* [Recorded information]:
++++++++++

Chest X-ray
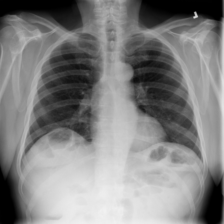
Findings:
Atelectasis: negative
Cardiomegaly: negative
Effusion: negative
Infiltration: negative
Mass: negative
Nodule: negative
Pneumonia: negative
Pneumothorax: negative
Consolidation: negative
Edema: negative
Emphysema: negative
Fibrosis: negative
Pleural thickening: negative
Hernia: negative
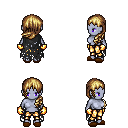
a pixel art fantasy rpg character, female body template, dark elf, purple skin, black tattered cape, gold greaves, blonde left-swept hairstyle, gold gloves, brown slippers, four views (front, back, left, right), 2x2 character sprite sheet, small pixel art, hard edges, no anti-aliasing
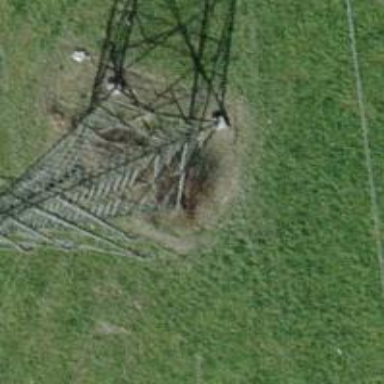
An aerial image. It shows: Power tower.
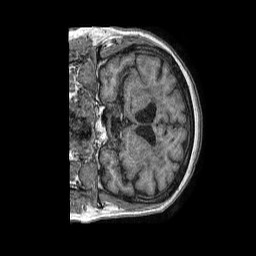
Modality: T1w
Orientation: coronal
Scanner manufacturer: philips
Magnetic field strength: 1.5 T
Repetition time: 0.007579 s
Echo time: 0.003457 s
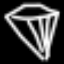
Label: diamond
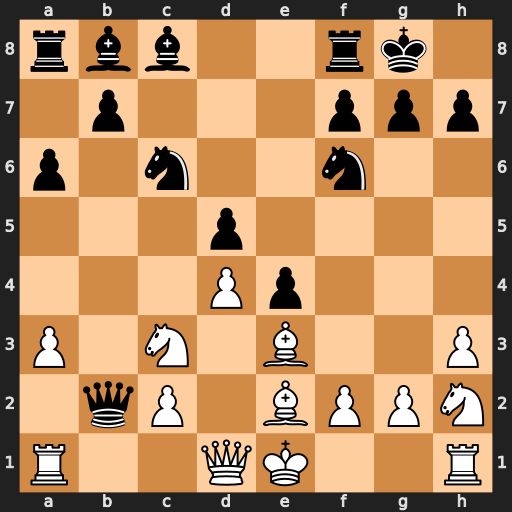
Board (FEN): rbb2rk1/1p3ppp/p1n2n2/3p4/3Pp3/P1N1B2P/1qP1BPPN/R2QK2R
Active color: w
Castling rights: KQ
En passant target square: -
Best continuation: Na4 Qxa1 Qxa1
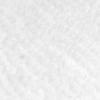
Label: no_change
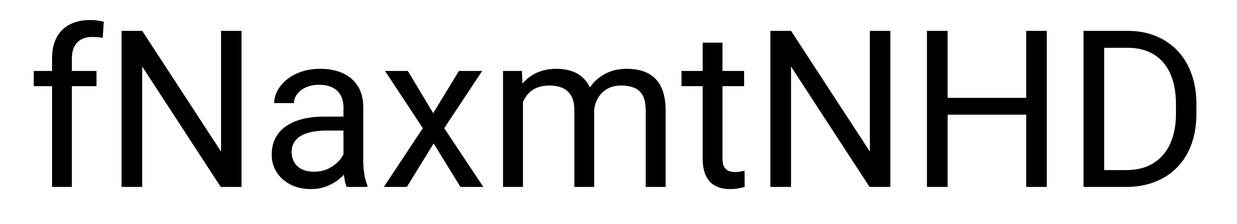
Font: Roboto_Regular
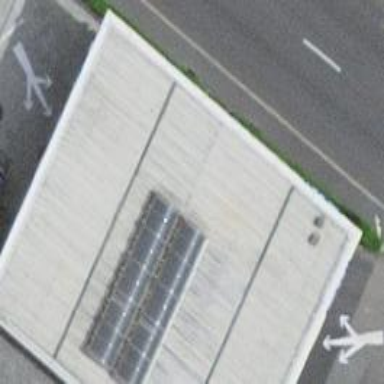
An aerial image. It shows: Fuel station.
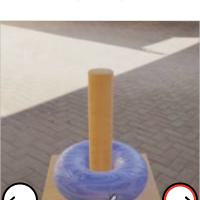
Task: sum
Answer: 6
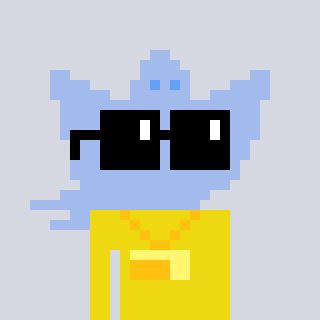
a pixel art character with square black sunglasses, a ghost-B-shaped head and a yellow-colored body on a cool background
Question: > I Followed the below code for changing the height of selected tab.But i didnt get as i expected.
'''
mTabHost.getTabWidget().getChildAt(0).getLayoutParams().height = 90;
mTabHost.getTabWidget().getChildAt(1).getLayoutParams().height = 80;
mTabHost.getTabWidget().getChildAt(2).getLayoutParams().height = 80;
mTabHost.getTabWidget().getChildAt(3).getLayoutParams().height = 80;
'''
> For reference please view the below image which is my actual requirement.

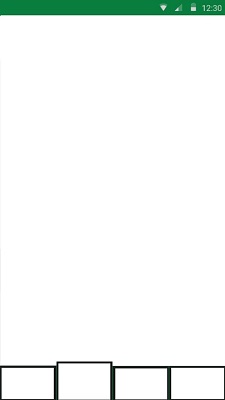
Answer: > First create a xml file bottom_tabs.xml
'''
<?xml version="1.0" encoding="utf-8"?>
<LinearLayout xmlns:android="http://schemas.android.com/apk/res/android"
android:layout_width="match_parent"
android:layout_height="match_parent"
android:orientation="vertical" >
<android.support.v4.app.FragmentTabHost
android:id="@android:id/tabhost"
android:layout_width="fill_parent"
android:layout_height="fill_parent"
android:background="#FFFFFF" >
<RelativeLayout
android:id="@+id/linearLayoutTab"
android:layout_width="fill_parent"
android:layout_height="fill_parent"
android:orientation="vertical" >
<FrameLayout
android:id="@android:id/tabcontent"
android:layout_width="fill_parent"
android:layout_height="fill_parent"
android:layout_weight="0" />
<FrameLayout
android:id="@+id/realtabcontent"
android:layout_width="fill_parent"
android:layout_height="fill_parent"
android:layout_weight="1" />
<TabWidget
android:id="@android:id/tabs"
android:layout_width="fill_parent"
android:layout_height="wrap_content"
android:layout_alignParentBottom="true"
android:background="#<PHONE>"
android:tabStripEnabled="true" />
</RelativeLayout>
</android.support.v4.app.FragmentTabHost>
'''
> Add the background image to tab icon like as:
'''
mTabHost.getTabWidget().getChildAt(0)
.setBackgroundResource(R.drawable.d_tab_bg_selector);
'''
> d_tab_bg_selector code:
'''
<?xml version="1.0" encoding="utf-8"?>
'''
'''
<!-- Active tab -->
<item android:drawable="@drawable/d_pressed_state" android:state_focused="false" android:state_pressed="false" android:state_selected="true"/>
<!-- Inactive tab -->
<item android:drawable="@drawable/d_unpressed_state" android:state_focused="false" android:state_pressed="false" android:state_selected="false"/>
<!-- Pressed tab -->
<item android:drawable="@drawable/d_pressed_state" android:state_pressed="true"/>
<!-- Selected tab (using d-pad) -->
<item android:drawable="@drawable/d_unpressed_state" android:state_focused="true" android:state_pressed="false" android:state_selected="true"/>
'''
> d_pressed_state source code:
'''
<?xml version="1.0" encoding="utf-8"?>
<layer-list xmlns:android="http://schemas.android.com/apk/res/android">
<item>
<shape android:shape="rectangle">
<solid android:color="#<PHONE>" />
</shape>
</item>
<item
android:top="8dp">
<shape android:shape="rectangle">
<solid android:color="#009343" />
</shape>
</item>
<item android:right="1dp" android:left="1dp">
<shape android:shape="rectangle">
<solid android:color="#000000" />
</shape>
</item>
'''
> Write your own code for your unpressed state.
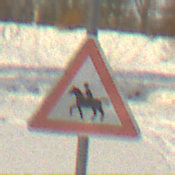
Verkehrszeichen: ReiterRechts
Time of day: MorningAfternoon
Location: Outdoor (Suburban)
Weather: PartlyCloudy
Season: NotSpecified
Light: Natural
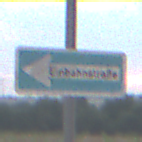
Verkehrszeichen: EinbahnstrasseLinksweisend
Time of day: SunriseSunset
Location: Outdoor (Nature)
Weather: PartlyCloudy
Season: NotSpecified
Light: Natural
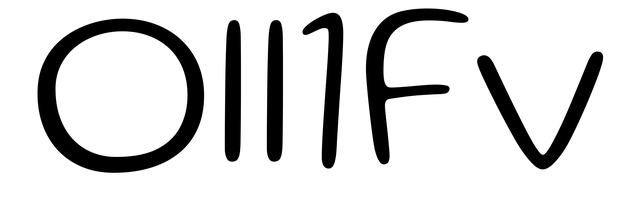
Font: Gluten_ExtraLight
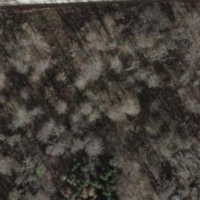
EUNIS habitat code: 41
Species observed at this site:
Verbascum thapsus
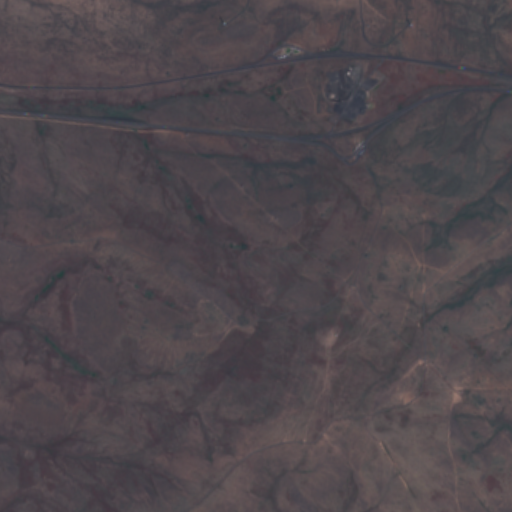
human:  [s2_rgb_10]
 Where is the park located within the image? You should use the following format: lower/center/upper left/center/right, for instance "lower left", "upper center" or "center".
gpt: The park is located in the left of the image.
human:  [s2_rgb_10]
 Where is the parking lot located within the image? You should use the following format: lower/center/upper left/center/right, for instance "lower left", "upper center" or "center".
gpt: The parking lot is located in the upper right of the image.
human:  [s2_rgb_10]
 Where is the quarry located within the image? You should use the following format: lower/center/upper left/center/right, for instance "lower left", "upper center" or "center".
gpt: The quarry is located in the upper right of the image.
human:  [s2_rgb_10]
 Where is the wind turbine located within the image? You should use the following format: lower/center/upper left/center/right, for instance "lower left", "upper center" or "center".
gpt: The wind turbine is located in the upper right of the image.
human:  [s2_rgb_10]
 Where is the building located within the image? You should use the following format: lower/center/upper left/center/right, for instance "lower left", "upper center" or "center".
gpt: The building is located in the upper right of the image.
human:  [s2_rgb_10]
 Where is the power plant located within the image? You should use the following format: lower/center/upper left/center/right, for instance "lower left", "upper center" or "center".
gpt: There is no power plant in the image.
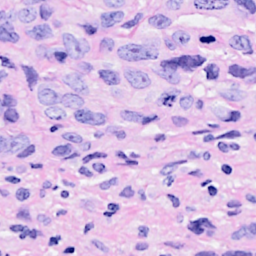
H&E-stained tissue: Breast
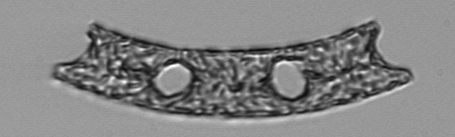
Label: Eucampia
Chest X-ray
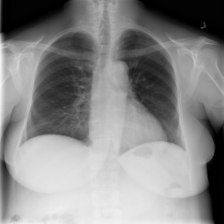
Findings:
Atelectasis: negative
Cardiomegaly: negative
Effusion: negative
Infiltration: negative
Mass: negative
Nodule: negative
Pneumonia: negative
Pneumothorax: negative
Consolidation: negative
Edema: negative
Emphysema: negative
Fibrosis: negative
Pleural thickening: negative
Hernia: negative
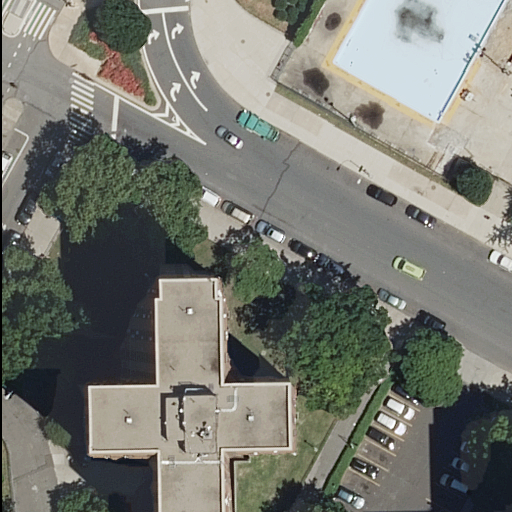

++++++++++

* [Work task]:
Look through the material for "quarry". Copy each line that has it.

* [Result for this exercise]:
 Where is the quarry located within the image? You should use the following format: lower/center/upper left/center/right, for instance "lower left", "upper center" or "center".
gpt: The quarry is located in the upper right of the image.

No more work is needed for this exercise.